Market impact is particularly important for large institutional trades. The square-root market impact model is widely used:
\[ \text{Impact} \approx \gamma \cdot \sigma \cdot \sqrt{\frac{Q}{V}} \]where \( Q \) is the order size, \( V \) is the average daily trading volume, \( \sigma \) is daily volatility, and \( \gamma \) is a calibration constant (typically 0.5–1.0). Market impact grows with order size relative to liquidity — large orders in illiquid stocks incur disproportionately high costs.
Implementation shortfall (Perold, 1988) measures the difference between the decision price (the price at the time the trading decision is made) and the actual average execution price, incorporating both explicit costs and market impact. It is the most comprehensive measure of total transaction cost and provides a basis for evaluating trading desk performance.
15.3 Model Risk
Model risk is the risk of loss arising from the use of an incorrect or misspecified financial model. In portfolio management, model risk arises from:
- Parameter estimation error: Using historical data to estimate expected returns, volatilities, and correlations introduces sampling error that distorts optimal weights.
- Model misspecification: The assumed return-generating process (e.g., normal distribution, linear factor model) may not accurately describe reality. Fat tails, negative skewness, and time-varying correlations are systematic features of financial returns that simple models miss.
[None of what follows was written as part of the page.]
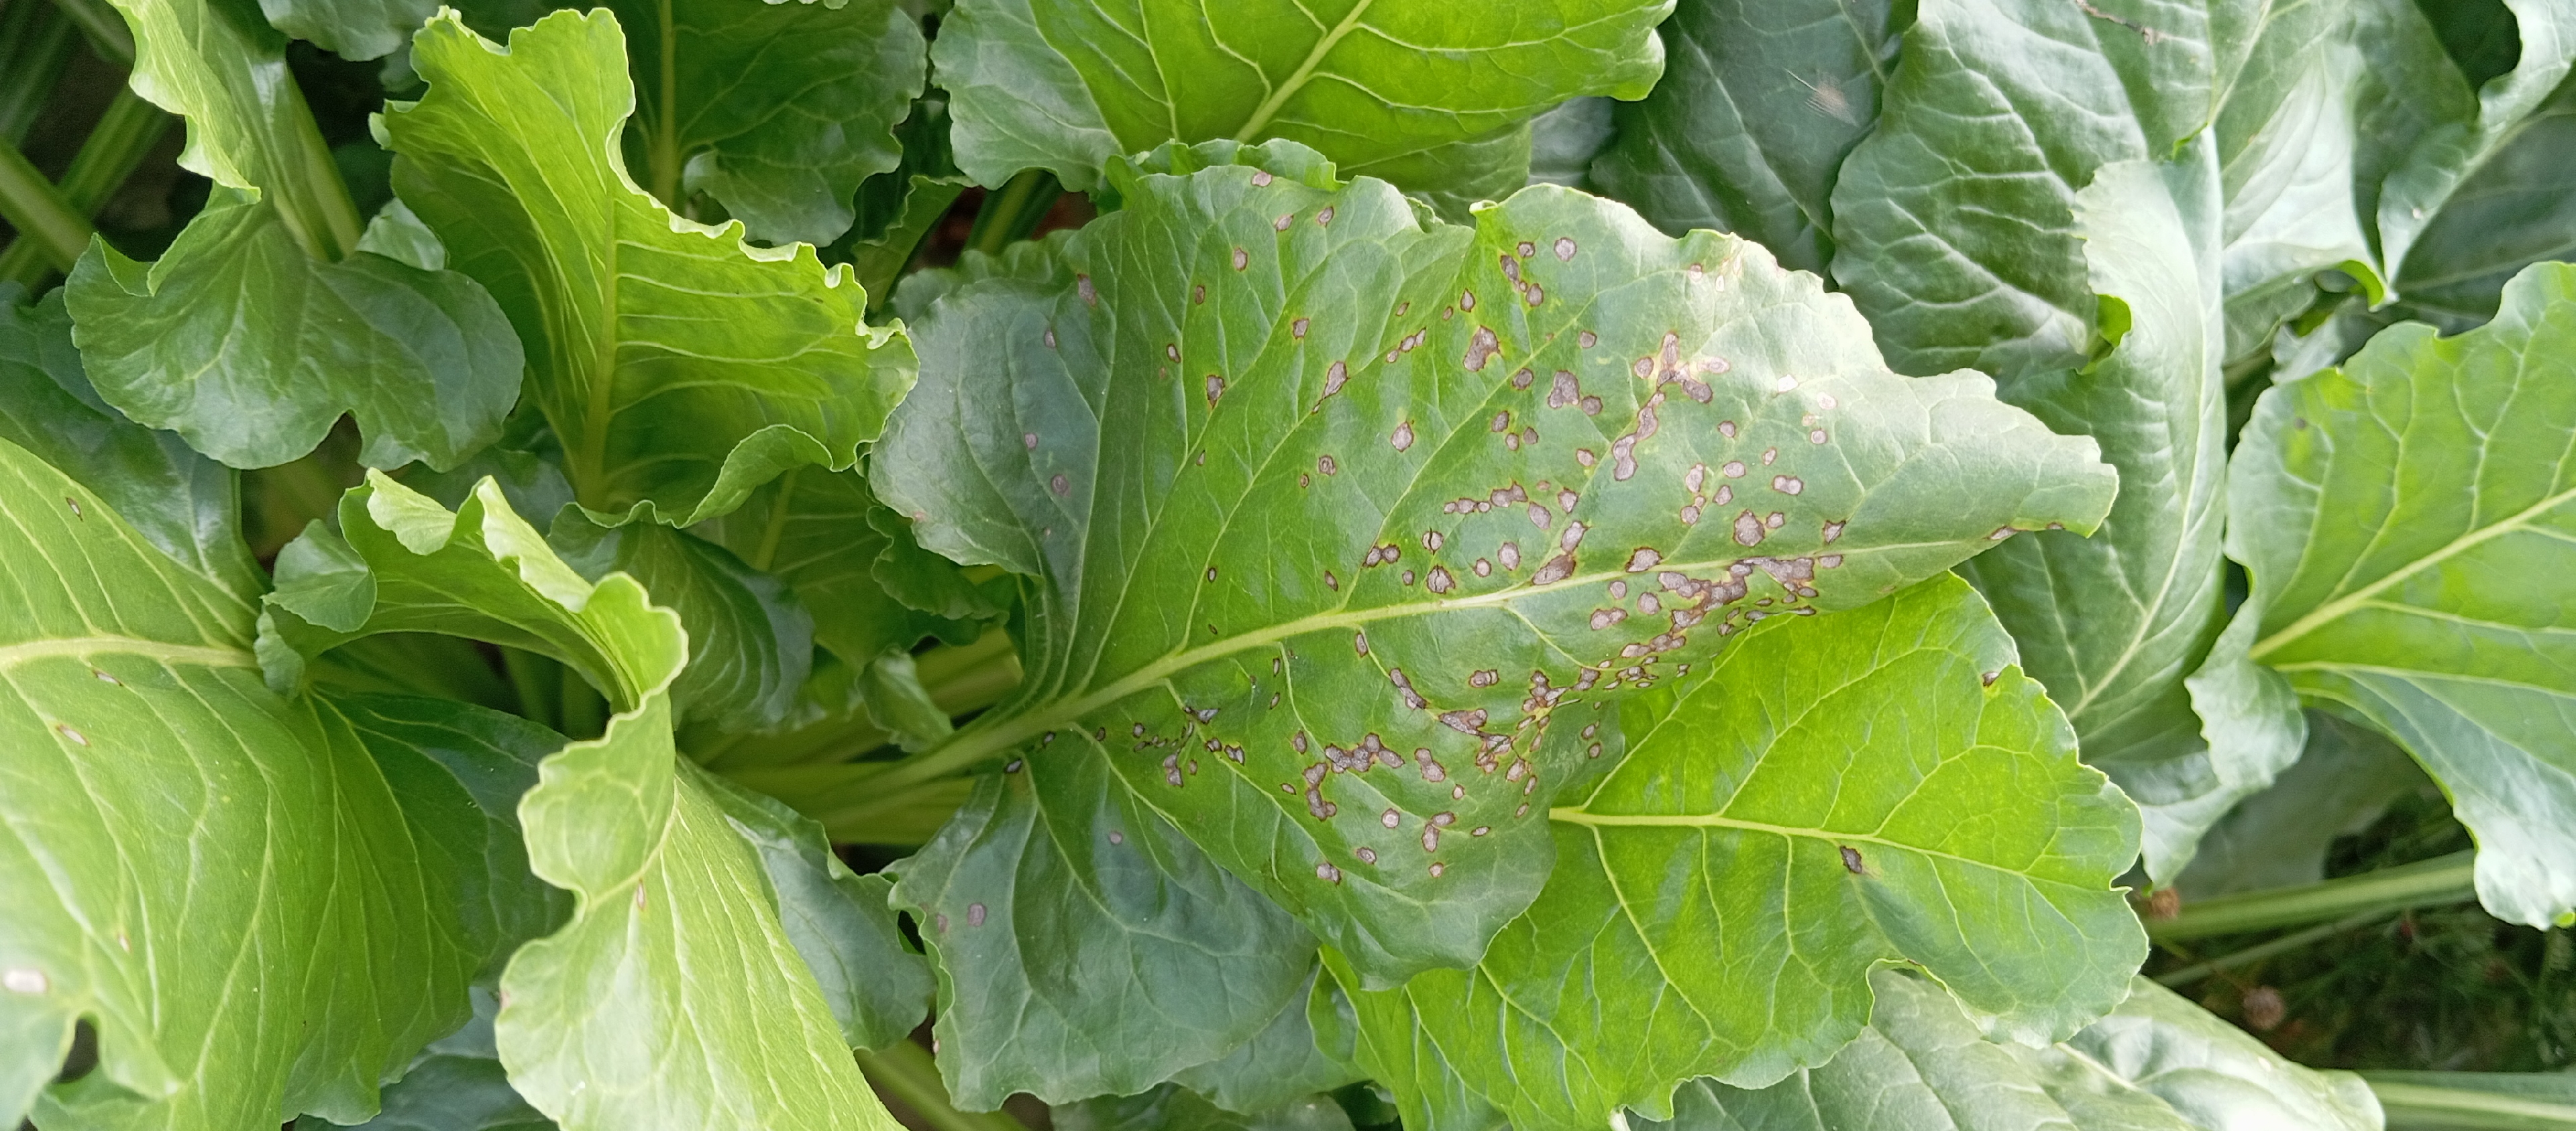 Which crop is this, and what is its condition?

beet, cercospora

- Overfitting: A model calibrated to historical data may capture noise rather than signal, performing well in-sample but poorly out-of-sample. This is particularly severe in factor models with many predictors.
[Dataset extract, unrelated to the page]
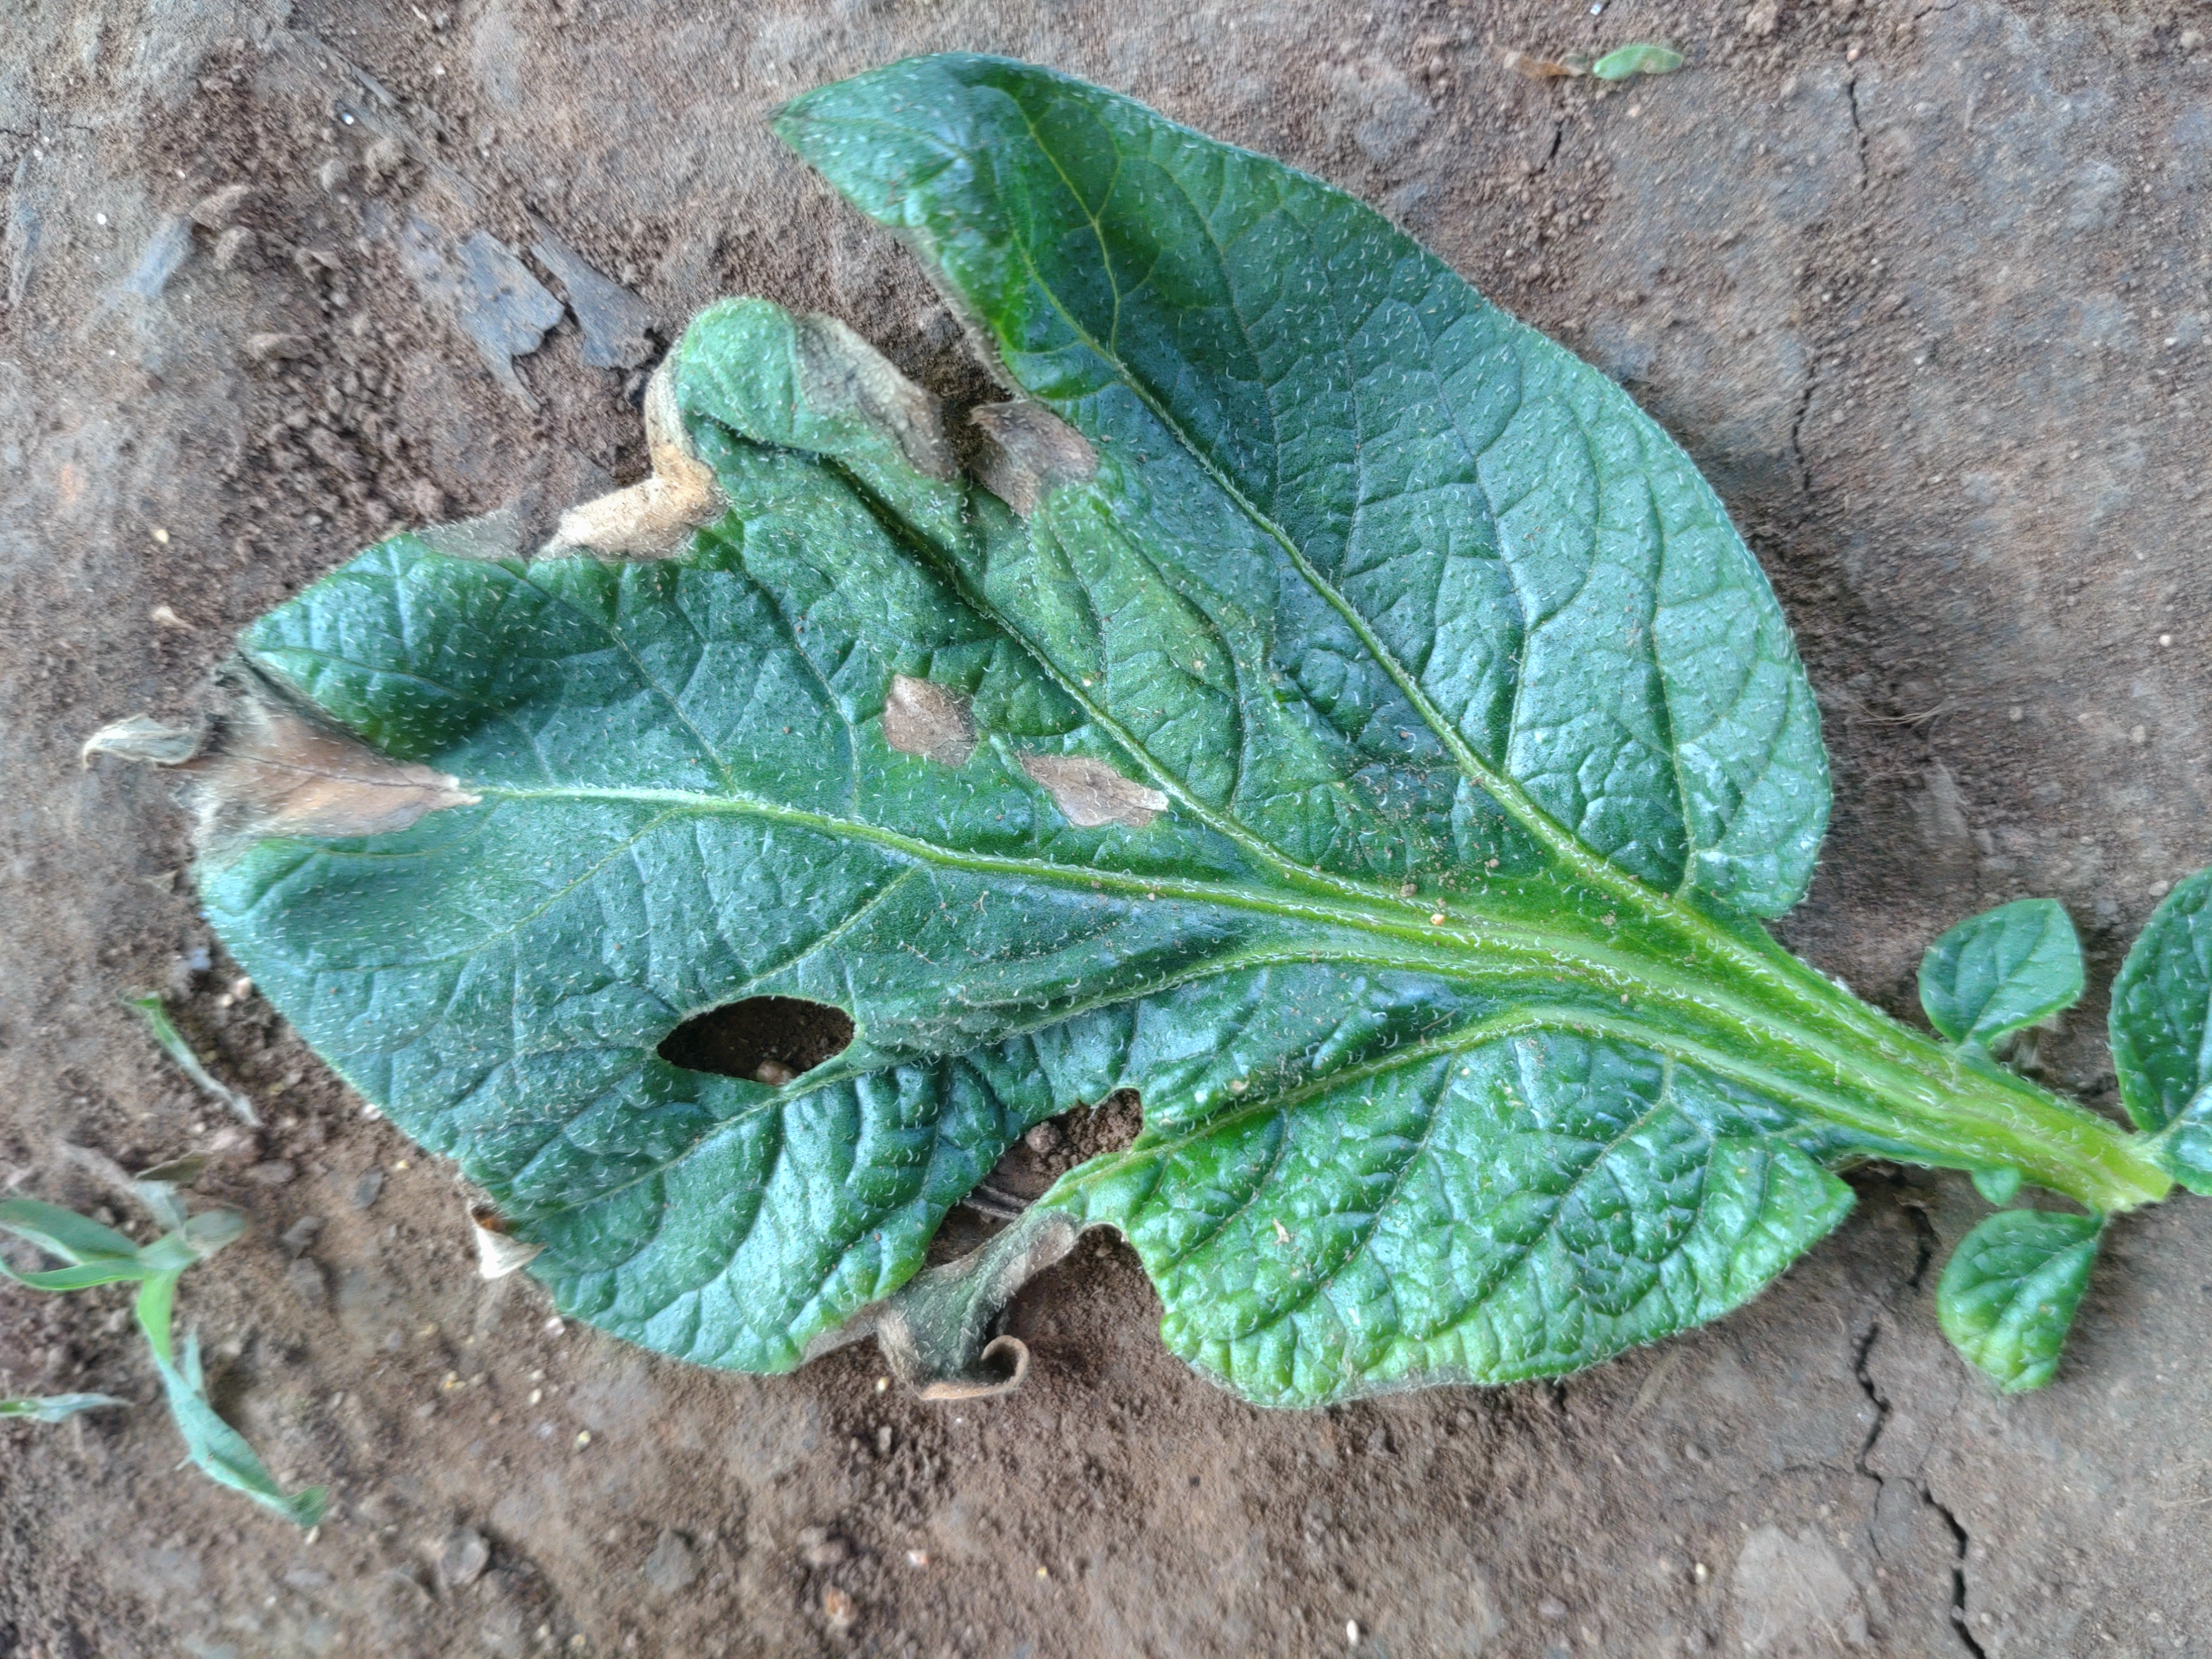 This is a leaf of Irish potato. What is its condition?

early blight

- Regime changes: Structural breaks — financial crises, regulatory changes, monetary policy shifts — can invalidate historically calibrated models.
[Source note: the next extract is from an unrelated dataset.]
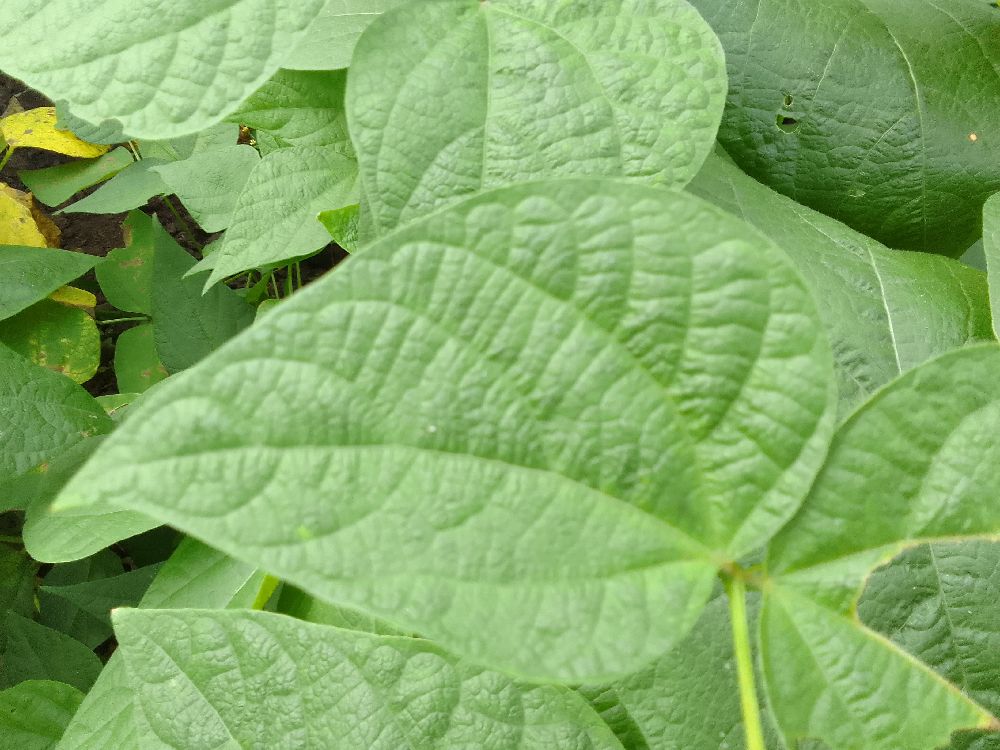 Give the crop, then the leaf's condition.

common bean, healthy
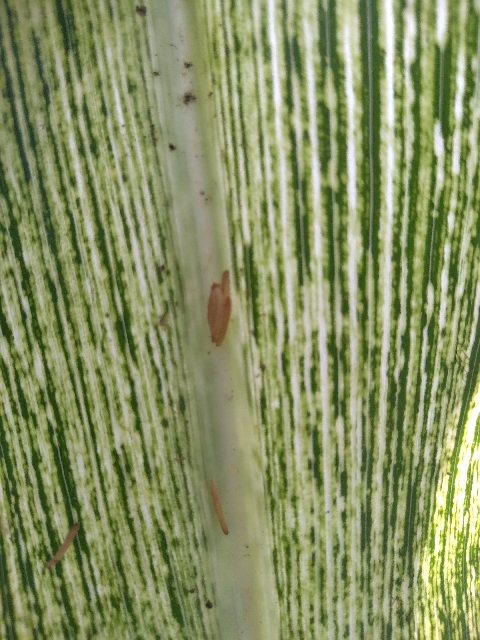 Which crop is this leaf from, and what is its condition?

maize, maize streak virus
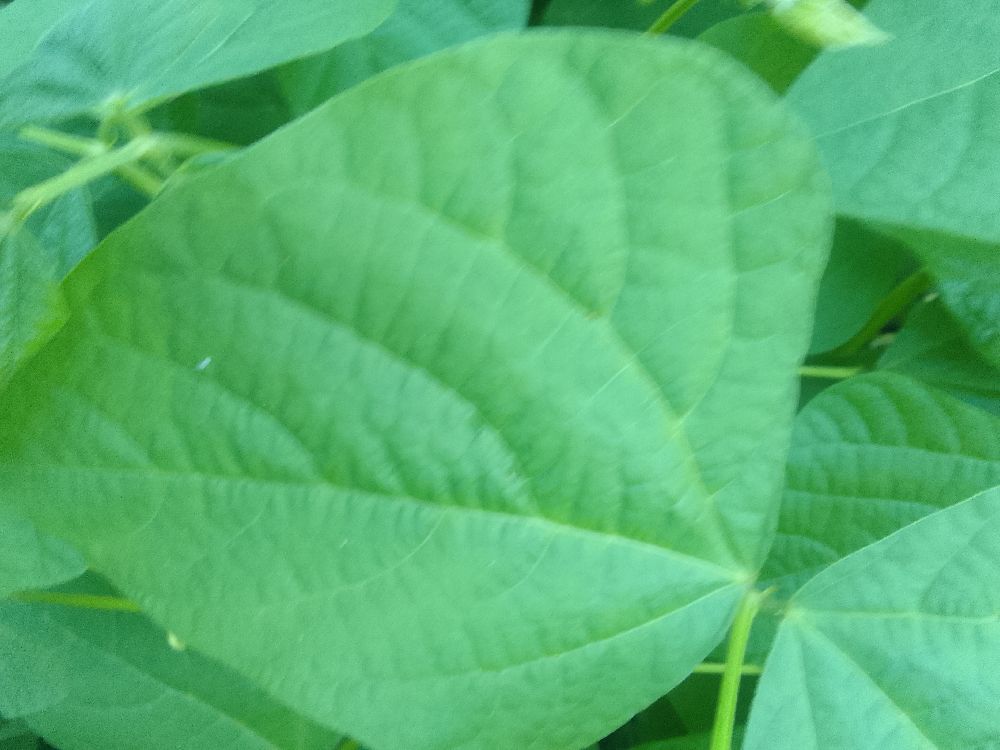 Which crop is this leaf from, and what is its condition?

Best practices for managing model risk include out-of-sample backtesting, cross-validation, stress testing, model comparison and ensemble methods, and maintaining qualitative judgment as a check on quantitative outputs.
These notes cover the major theoretical and applied frameworks of intermediate portfolio management as taught in AFM 427 at the University of Waterloo. Core references: Bodie, Kane & Marcus, Investments (12th ed.); CFA Institute CFA Program Curriculum, Levels II & III (2024); Grinold & Kahn, Active Portfolio Management (2nd ed.); Fama & French (1993), “Common Risk Factors in the Returns on Stocks and Bonds,” Journal of Financial Economics; Roll (1977), “A Critique of the Asset Pricing Theory’s Tests,” Journal of Financial Economics; Ledoit & Wolf (2004), “A well-conditioned estimator for large-dimensional covariance matrices,” Journal of Multivariate Analysis.